Instructions for the task | Could you give the data below again exactly, apart from the pictures?

Dataset records |
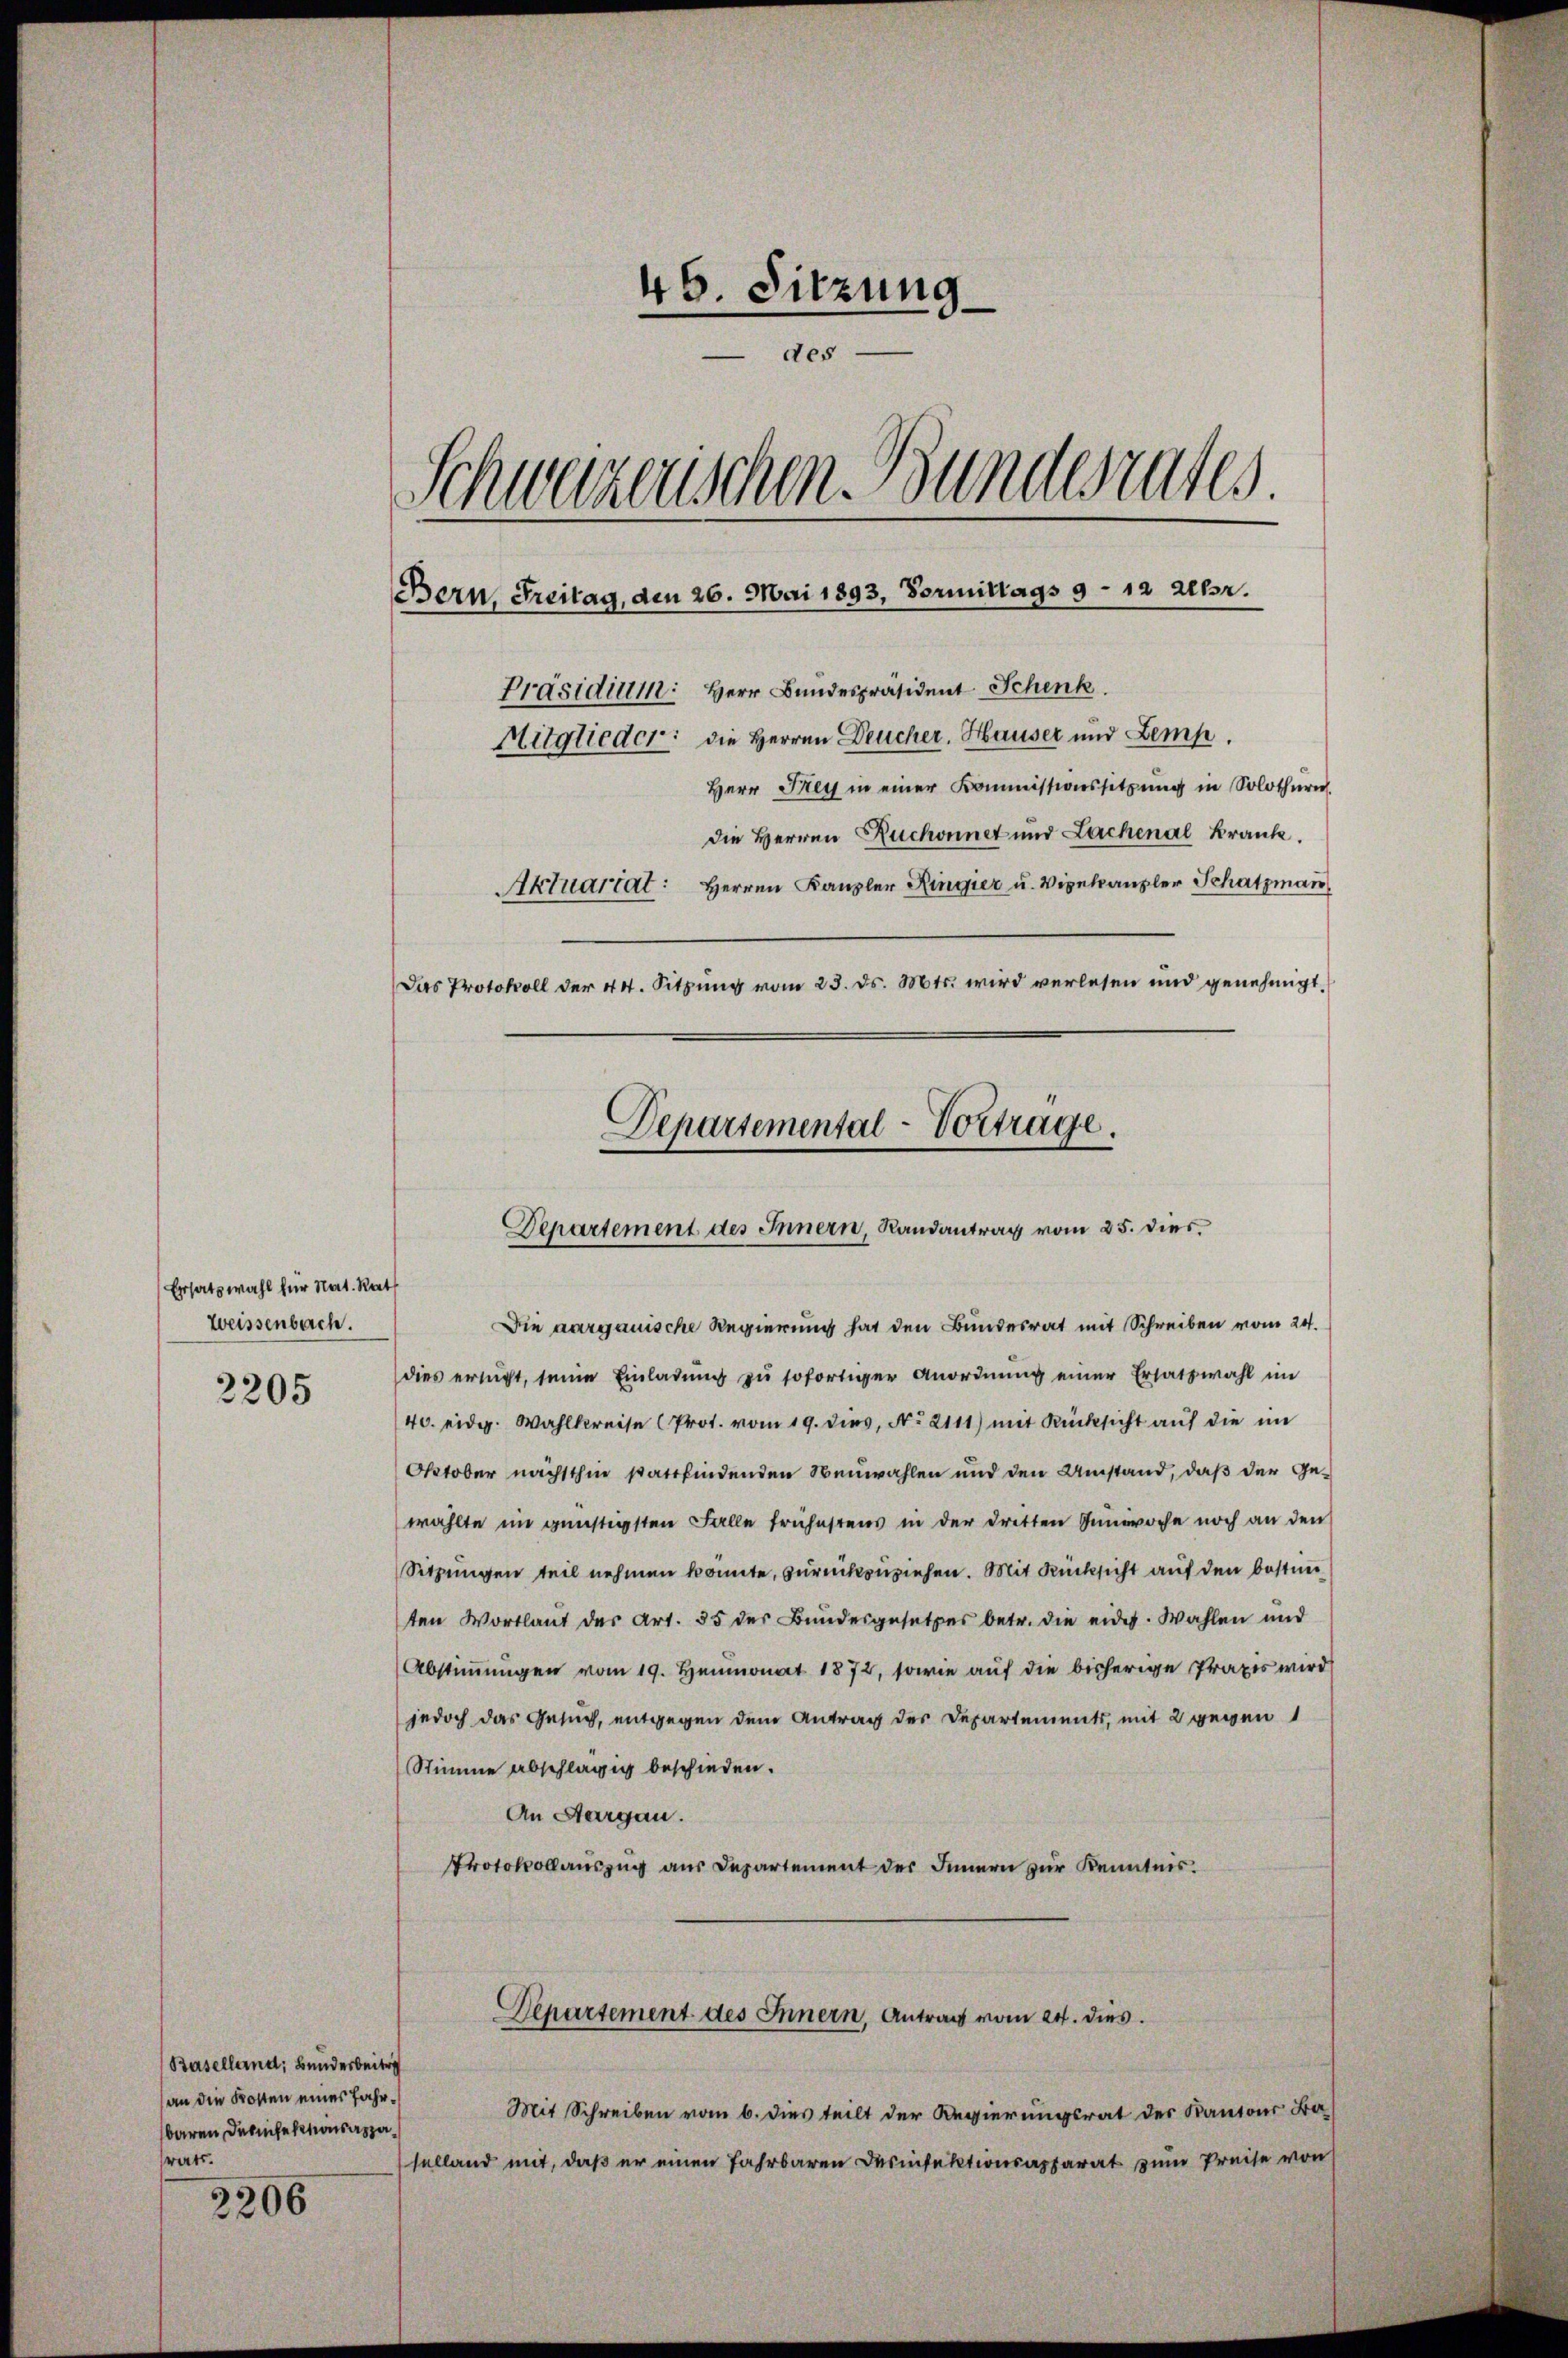
Ersatzwahl für Nat. Rat
Weissenbach.

2205

Baselland, Bunderbeitr
(an die Kosten eines Fahrbaren Deinfektionsazaratt.

2206

46. Sitzung
des
Mitglieder: die Herren Deucher. Hauser und Zemp.
Herr Drey in einer Kommissionssitzŭng in Solothurn.
die Herren Ruchonnet und Lachenal-Krank.
Aktuariat: Herren Kanzler Ringier u. Vizekanzler Schatzman
Das Protokoll der 44. Sitzŭng vom 23. ds. Mts. wird verlesen und genehmigt.

Schwerzenschen Bundesrates.
Bern, Freitag, den 26. Mai 1893, Vormittags 9 - 12 allsr.
Präsidium: Herr Bundespräsident Schenk

Departemental-Vortrage.
Departement des Innern, Randantrag vom 25. dies

Departement des Innern, Antrag vom 24. dies

Die aargauische Regierung hat den Bundesrat mit Schreiben vom 24.
dies ersucht, seine Einladung zu sofortiger Anordnung einer Ersatzwahl im
40. eidg. Wahlkreise (Prot. vom 19. dies, No 2111) mit Rücksicht auf die im
Oktober nächsthin stattfindenden Neuwahlen und den Umstand, daß der Gewählte im günstigsten Falle frühestens in der dritten Günwoche noch an den
Sitzungen teil nehmen konnte, zurückzuziehen. Mit Rücksicht auf den bestimten Wortlaut des Art. 55 der Bundesgesetzes betr. die eides. Wahlen und
Abstiṁŭngen vom 19. Heumonat 1872, sowie auf die bisherige Praxis wird
jedoch das Gesuch, entgegen dem Antrag der Departements, mit 2 gegen
Stimme abschlägig beschieden.
An Aargau.
Protokollauszug aus Departement des Innern zur Kenntnis.

Mit Schreiben vom 6. dies teilt der Regierungsrat des Kantons Ba
selland mit, daß er einen Fahrbaren Desinfektionsapparat zum Preise von

Solution to the exercise |
Ersatzwahl für Nat. Rat
Weissenbach.

2205

Baselland, Bunderbeitr
(an die Kosten eines Fahrbaren Deinfektionsazaratt.

2206

46. Sitzung
des
Mitglieder: die Herren Deucher. Hauser und Zemp.
Herr Drey in einer Kommissionssitzŭng in Solothurn.
die Herren Ruchonnet und Lachenal-Krank.
Aktuariat: Herren Kanzler Ringier u. Vizekanzler Schatzman
Das Protokoll der 44. Sitzŭng vom 23. ds. Mts. wird verlesen und genehmigt.

Schwerzenschen Bundesrates.
Bern, Freitag, den 26. Mai 1893, Vormittags 9 - 12 allsr.
Präsidium: Herr Bundespräsident Schenk

Departemental-Vortrage.
Departement des Innern, Randantrag vom 25. dies

Departement des Innern, Antrag vom 24. dies

Die aargauische Regierung hat den Bundesrat mit Schreiben vom 24.
dies ersucht, seine Einladung zu sofortiger Anordnung einer Ersatzwahl im
40. eidg. Wahlkreise (Prot. vom 19. dies, No 2111) mit Rücksicht auf die im
Oktober nächsthin stattfindenden Neuwahlen und den Umstand, daß der Gewählte im günstigsten Falle frühestens in der dritten Günwoche noch an den
Sitzungen teil nehmen konnte, zurückzuziehen. Mit Rücksicht auf den bestimten Wortlaut des Art. 55 der Bundesgesetzes betr. die eides. Wahlen und
Abstiṁŭngen vom 19. Heumonat 1872, sowie auf die bisherige Praxis wird
jedoch das Gesuch, entgegen dem Antrag der Departements, mit 2 gegen
Stimme abschlägig beschieden.
An Aargau.
Protokollauszug aus Departement des Innern zur Kenntnis.

Mit Schreiben vom 6. dies teilt der Regierungsrat des Kantons Ba
selland mit, daß er einen Fahrbaren Desinfektionsapparat zum Preise von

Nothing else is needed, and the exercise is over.